During the fourth quarter of 2020, Senior Lifestyle paid $3.9 million in rent, representing 83% of its $4.7 million total due. LTC applied the operator’s letter of credit and deposits, totaling $3.7 million, to its 2020 second-quarter rent receivable; notes receivable; and its third- and fourth-quarter rent.
As of Dec. 31, 2020, the operator’s remaining delinquent balance was $1 million, according to LTC.
LTC expects cash rent under the newly transitioned properties’ leases of $5.2 million for the first lease year, $7.1 million for the second lease year, and $7.3 million for the third lease year. The leases escalate by 2% annually afterward.

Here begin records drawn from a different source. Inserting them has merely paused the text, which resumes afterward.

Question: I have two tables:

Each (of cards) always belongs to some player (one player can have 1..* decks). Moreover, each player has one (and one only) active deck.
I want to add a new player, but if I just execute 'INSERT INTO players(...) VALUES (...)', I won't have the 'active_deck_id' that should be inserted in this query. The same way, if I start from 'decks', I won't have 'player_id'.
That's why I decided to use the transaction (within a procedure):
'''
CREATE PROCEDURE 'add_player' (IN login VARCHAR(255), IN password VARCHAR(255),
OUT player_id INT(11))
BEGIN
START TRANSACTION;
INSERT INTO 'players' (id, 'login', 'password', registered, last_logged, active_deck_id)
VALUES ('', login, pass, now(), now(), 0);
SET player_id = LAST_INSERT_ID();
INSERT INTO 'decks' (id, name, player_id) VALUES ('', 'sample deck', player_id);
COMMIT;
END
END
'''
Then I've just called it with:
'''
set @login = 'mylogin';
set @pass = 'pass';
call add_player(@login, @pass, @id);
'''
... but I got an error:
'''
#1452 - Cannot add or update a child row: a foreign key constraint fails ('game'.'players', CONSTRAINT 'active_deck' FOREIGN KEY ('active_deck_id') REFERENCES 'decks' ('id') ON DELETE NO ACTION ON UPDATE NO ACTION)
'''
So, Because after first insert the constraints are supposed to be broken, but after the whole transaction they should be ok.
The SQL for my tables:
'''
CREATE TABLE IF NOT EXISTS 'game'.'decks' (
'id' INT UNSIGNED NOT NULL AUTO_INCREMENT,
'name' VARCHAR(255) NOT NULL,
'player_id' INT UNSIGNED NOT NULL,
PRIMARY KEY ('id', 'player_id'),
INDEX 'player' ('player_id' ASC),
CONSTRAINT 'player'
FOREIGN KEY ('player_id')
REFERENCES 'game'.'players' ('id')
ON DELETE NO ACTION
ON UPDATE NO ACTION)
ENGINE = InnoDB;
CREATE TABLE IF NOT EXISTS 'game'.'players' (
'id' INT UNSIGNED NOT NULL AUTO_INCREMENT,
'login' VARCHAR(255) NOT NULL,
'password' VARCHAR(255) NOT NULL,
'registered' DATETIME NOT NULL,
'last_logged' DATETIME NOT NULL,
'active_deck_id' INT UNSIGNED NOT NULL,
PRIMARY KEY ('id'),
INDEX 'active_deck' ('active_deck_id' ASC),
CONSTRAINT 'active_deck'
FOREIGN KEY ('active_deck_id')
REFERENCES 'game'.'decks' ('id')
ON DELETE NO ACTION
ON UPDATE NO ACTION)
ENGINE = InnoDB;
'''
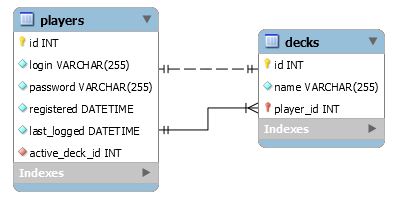
Answer: Try this command
SET FOREIGN_KEY_CHECKS = 0;
before you make your inserts, then turn it on by setting the value to 1.

A representative for LTC declined to comment for this story, but noted that the REIT would share more information on the transition during its fourth-quarter earnings call Friday morning. Senior Lifestyle was not immediately available to elaborate on the operator transition.
Last December, the REIT had reduced its 2021 rent escalators for operators by 50% in the form of a one-time rent credit.
On the whole, LTC collected 98% of its contractual rent and mortgage interest in the fourth quarter of 2020.
LTC logged $30.4 million, or $0.78 per share, in funds from operations (FFO) for the 2020 fourth quarter, beating analysts’ expectations.